Rob Landley rob at landley.net
Tue Apr 16 21:50:29 PDT 2019


On 4/16/19 7:42 PM, enh wrote:
>> Line buffered is the behavior I've been assuming, but I see glibc defaults to
>> "unbuffered"... in which case what is FILE * _for_ again? A strrchr() on each
>> buffer with a flush to that point isn't that expensive, and most of the stuff
>> that cares about micromanaging buffers is already using filehandles instead of
>> FILE * anyway...
> 
> i think the problem here is that you're looking at this through the
> wrong lens. i think your mental model is "interactive user", whereas
> i'm thinking of them *and* of scripts/builds.

I'm thinking of both, but didn't see how scripts should be significantly
penalized here?

> the traditional behavior of trusting the C library's buffering and
> having just one exception (that i've ever seen) in grep _is_ sane.
>
> i don't know where you misapprehensions about libc's behavior are
> coming from...
When I first met Denys Vlasenko in person (the guy I handed busybox
maintainerhip off to), it's because he attended a US conferene talking about how
he'd fixed a glibc bug that caused statically linked binaries with --gc-sections
to not flush stdout on exit.

  https://elinux.org/images/2/2d/ELC2010-gc-sections_Denys_Vlasenko.pdf
  https://bootlin.com/pub/video/2010/elc/elc2010-vlasenko-dead-code.ogv

(I hit it long before then, but he root caused it. It was of course an issue
where the glibc developers and the gcc developers were pointing at each other
and each telling the other to change, and as a result the issue didn't get fixed
for something like 5 years. Of course I think that was back when Ulrich "static
linking considered harmful" drepper was still maintainer,
https://www.akkadia.org/drepper/no_static_linking.html. He was replaced by a
committee that broke up in 2012 https://lwn.net/Articles/488847/ but it's still
a gnu/dammit project and that's bad.)

The "tee" command broke so it only passed through a 4k block of data at a time
(rather than unbuffered output) _three_times_ over the years I used it. As in
broke got fixed and broke again, 3 times, all on Linux. And that's not counting
busybox breaking it and me fixing it there:

  http://lists.busybox.net/pipermail/busybox/2004-May/045755.html

And yes, the fix was to replace fread(), which was 4k buffering, with read().

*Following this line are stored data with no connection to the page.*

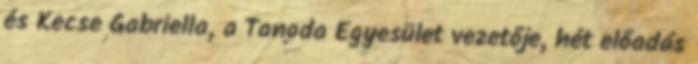
és Kecse Gabriella, a Tanoda Egyesület vezetője, hét előadás
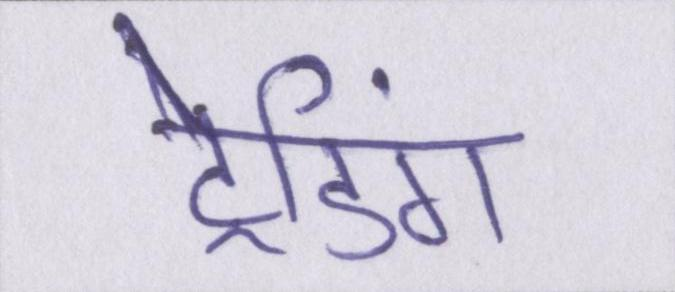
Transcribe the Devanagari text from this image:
ट्रेडिंग
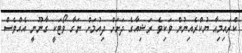
ކްރައިމިއާ ޔުކްރެއިނުން ވަކިވެ ރަޝިއާގެ ދަށަށް ދިއުމަށް ނަގާ ވޯޓަކީ ގާނޫނީ އެއްވެސް
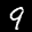
Label: 9
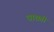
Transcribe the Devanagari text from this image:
वाद्यही
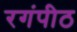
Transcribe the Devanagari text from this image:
रगंपीठ

Here's a quick grep of my blog of _just_ fighting with the "tee" command over
the years, not all of which was glibc of course:

https://landley.net/notes-2005.html#23-08-2005
https://landley.net/notes-2006.html#06-03-2007
https://landley.net/notes-2008.html#07-10-2008
https://landley.net/notes-2008.html#03-07-2008
https://landley.net/notes-2011.html#24-08-2011

The deepest dive to fix a tee issue slightly predates the current iteration of
my blog:

https://marc.info/?l=user-mode-linux-devel&m=111056135413631&w=2

And the most _recent_ time glibc broke this was 2017:

  https://landley.net/notes-2017.html#08-04-2017

And yes, it was "stdout winds up fully buffered for some unknown reason, same
build against musl did not, fix it with gratuitous flushes"...

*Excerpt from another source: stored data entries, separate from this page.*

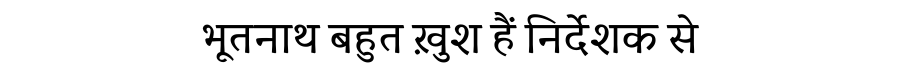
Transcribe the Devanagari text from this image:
भूतनाथ बहुत ख़ुश हैं निर्देशक से
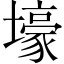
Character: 壕
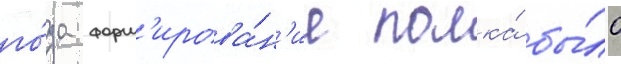
го́да форм'ирова́н'ие полка́ бы́ло
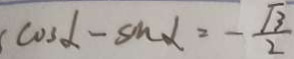
\cos \alpha - \sin \alpha = - \frac { \sqrt { 3 } } { 2 }
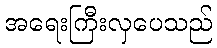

> they're not true of bionic, nor any version of glibc
> i've ever seen.

How about if I explicitly ask for _unbuffered_ in the common code (which
according to you should be a NOP) and then implemnt --line-buffered for grep?

> POSIX explicitly says:
> 
>   When opened, the standard error stream is not fully buffered; the
> standard input and standard output streams are fully buffered if and
> only if the stream can be determined not to refer to an interactive
> device.

So they don't specify whether it's linebuffered or unbuffered, just not _fully_
buffered. And if stdout is fully buffered when you pipe it to tee you get the 4k
blocking problem again. So the bug kept showing up because the standard said the
bug should show up, great.

Except... the fix in the busybox case was on the _read_ side? It's fully
buffering INPUT by default too? That's INSANE. If 4k of data is waiting when you
read, you get/process 4k. If less is waiting, PROCESS WHAT YOU GOT...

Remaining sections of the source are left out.